Re: [PATCH v2 09/13] perf: cs-etm: Update record event to use new Trace ID protocol
From: Mike Leach
Date: Tue Aug 09 2022 - 12:13:33 EST
Hi James
On Wed, 20 Jul 2022 at 15:41, James Clark <james.clark@xxxxxxx> wrote:
>
>
>
> On 04/07/2022 09:11, Mike Leach wrote:
> > Trace IDs are now dynamically allocated.
> >
> > Previously used the static association algorithm that is no longer
> > used. The 'cpu * 2 + seed' was outdated and broken for systems with high
> > core counts (>46). as it did not scale and was broken for larger
> > core counts.
> >
> > Trace ID is as unknown in AUXINFO record, and the ID / CPU association
> > will now be sent in PERF_RECORD_AUX_OUTPUT_HW_ID record.
> >
> > Remove legacy Trace ID allocation algorithm.
> >
> > Signed-off-by: Mike Leach <mike.leach@xxxxxxxxxx>
> > ---
> > include/linux/coresight-pmu.h | 19 +++++++------------
> > tools/include/linux/coresight-pmu.h | 19 +++++++------------
>
> I usually see mentions that these header updates need to be separate commits
> because they are merged through different trees.
>
> > tools/perf/arch/arm/util/cs-etm.c | 21 ++++++++++++---------
> > 3 files changed, 26 insertions(+), 33 deletions(-)
> >
> > diff --git a/include/linux/coresight-pmu.h b/include/linux/coresight-pmu.h
> > index 4ac5c081af93..9f7ee380266b 100644
> > --- a/include/linux/coresight-pmu.h
> > +++ b/include/linux/coresight-pmu.h
> > @@ -8,7 +8,13 @@
> > #define _LINUX_CORESIGHT_PMU_H
> >
> > #define CORESIGHT_ETM_PMU_NAME "cs_etm"

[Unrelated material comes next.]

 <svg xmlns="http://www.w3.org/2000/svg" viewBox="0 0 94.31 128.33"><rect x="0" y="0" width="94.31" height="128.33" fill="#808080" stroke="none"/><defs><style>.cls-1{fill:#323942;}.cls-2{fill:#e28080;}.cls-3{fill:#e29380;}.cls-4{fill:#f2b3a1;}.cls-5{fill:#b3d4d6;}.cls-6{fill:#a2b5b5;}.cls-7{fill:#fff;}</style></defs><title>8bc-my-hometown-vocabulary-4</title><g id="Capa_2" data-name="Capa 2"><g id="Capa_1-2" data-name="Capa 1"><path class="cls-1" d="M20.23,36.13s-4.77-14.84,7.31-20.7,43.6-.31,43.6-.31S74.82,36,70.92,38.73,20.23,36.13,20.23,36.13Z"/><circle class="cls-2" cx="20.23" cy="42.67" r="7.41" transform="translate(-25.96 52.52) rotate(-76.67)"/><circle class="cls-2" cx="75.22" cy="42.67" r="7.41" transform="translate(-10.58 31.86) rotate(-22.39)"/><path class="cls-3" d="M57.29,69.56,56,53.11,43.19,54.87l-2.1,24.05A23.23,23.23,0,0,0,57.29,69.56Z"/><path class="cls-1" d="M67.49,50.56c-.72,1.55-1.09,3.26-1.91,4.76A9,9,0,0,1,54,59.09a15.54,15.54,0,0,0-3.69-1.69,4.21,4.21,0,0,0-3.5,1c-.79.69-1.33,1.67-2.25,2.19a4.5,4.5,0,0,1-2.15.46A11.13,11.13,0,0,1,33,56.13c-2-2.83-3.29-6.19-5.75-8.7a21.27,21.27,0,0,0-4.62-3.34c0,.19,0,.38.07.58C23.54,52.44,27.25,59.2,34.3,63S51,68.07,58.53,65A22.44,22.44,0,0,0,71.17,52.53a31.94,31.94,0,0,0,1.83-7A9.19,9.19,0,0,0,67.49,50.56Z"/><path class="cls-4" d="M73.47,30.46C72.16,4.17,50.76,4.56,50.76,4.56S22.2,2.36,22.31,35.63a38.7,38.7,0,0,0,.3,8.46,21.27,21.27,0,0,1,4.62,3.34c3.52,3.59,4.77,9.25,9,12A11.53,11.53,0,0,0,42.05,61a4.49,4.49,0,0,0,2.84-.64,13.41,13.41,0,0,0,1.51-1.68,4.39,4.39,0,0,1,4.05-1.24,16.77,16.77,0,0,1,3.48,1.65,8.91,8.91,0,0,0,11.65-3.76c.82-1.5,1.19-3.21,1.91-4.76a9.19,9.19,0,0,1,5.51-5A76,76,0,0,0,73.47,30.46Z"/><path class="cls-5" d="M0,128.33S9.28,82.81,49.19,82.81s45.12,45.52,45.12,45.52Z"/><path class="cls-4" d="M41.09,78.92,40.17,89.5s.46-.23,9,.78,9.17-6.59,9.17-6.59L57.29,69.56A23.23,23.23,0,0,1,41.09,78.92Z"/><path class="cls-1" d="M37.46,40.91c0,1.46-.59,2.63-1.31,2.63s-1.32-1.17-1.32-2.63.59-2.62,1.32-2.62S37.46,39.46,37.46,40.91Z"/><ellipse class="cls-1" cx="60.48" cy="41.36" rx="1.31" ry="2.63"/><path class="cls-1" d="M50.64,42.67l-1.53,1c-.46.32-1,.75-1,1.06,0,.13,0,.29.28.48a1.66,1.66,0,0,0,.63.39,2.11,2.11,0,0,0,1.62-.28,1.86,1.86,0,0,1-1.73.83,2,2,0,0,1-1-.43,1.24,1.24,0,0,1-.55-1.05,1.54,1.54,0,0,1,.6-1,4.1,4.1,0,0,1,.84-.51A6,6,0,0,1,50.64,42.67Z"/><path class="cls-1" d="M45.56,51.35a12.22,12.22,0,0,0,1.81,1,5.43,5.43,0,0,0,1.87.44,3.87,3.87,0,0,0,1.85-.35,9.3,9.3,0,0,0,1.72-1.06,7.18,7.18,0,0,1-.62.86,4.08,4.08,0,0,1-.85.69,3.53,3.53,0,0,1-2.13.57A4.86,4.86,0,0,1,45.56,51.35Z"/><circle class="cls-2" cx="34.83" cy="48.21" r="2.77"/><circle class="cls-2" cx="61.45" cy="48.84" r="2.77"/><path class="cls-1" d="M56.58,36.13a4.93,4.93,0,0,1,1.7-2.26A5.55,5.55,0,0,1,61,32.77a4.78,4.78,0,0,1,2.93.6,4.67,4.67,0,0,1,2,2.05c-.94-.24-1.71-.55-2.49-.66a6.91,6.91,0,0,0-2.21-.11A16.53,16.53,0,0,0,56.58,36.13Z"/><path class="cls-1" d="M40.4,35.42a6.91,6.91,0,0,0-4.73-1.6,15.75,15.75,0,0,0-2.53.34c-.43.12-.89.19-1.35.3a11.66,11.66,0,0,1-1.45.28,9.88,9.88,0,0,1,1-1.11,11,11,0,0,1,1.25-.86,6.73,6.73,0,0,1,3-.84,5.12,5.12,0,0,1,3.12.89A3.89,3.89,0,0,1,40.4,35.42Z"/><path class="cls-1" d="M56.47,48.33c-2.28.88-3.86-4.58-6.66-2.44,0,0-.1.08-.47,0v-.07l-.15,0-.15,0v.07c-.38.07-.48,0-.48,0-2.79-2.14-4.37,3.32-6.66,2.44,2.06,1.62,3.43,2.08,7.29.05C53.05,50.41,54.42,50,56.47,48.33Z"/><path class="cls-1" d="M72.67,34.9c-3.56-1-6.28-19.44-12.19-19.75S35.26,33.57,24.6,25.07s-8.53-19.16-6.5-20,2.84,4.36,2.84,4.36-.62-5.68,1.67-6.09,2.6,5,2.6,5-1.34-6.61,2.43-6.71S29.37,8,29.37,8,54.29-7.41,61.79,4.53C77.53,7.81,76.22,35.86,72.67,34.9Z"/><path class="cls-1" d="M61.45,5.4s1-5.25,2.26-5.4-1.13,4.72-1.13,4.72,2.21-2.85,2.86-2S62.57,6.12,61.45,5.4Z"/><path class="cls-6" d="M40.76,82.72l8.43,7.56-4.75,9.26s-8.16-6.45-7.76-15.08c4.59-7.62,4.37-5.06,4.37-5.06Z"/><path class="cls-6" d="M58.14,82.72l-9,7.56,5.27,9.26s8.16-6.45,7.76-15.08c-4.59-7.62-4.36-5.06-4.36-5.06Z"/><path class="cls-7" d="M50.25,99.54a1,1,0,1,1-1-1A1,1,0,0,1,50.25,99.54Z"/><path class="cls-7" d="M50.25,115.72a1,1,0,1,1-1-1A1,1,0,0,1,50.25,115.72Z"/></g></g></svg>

> > -#define CORESIGHT_ETM_PMU_SEED 0x10
> > +
> > +/*
> > + * Metadata now contains an unused trace ID - IDs are transmitted using a
> > + * PERF_RECORD_AUX_OUTPUT_HW_ID record.
> > + * Value architecturally defined as reserved in CoreSight.
> > + */
> > +#define CS_UNUSED_TRACE_ID 0x7F
> >
> > /*
> > * Below are the definition of bit offsets for perf option, and works as
> > @@ -32,15 +38,4 @@
> > #define ETM4_CFG_BIT_RETSTK 12
> > #define ETM4_CFG_BIT_VMID_OPT 15
> >
> > -static inline int coresight_get_trace_id(int cpu)
> > -{
> > - /*
> > - * A trace ID of value 0 is invalid, so let's start at some
> > - * random value that fits in 7 bits and go from there. Since
> > - * the common convention is to have data trace IDs be I(N) + 1,
> > - * set instruction trace IDs as a function of the CPU number.
> > - */
> > - return (CORESIGHT_ETM_PMU_SEED + (cpu * 2));
> > -}
> > -
> > #endif
> > diff --git a/tools/include/linux/coresight-pmu.h b/tools/include/linux/coresight-pmu.h
> > index 6c2fd6cc5a98..31d007fab3a6 100644
> > --- a/tools/include/linux/coresight-pmu.h
> > +++ b/tools/include/linux/coresight-pmu.h
> > @@ -8,7 +8,13 @@
> > #define _LINUX_CORESIGHT_PMU_H
> >
> > #define CORESIGHT_ETM_PMU_NAME "cs_etm"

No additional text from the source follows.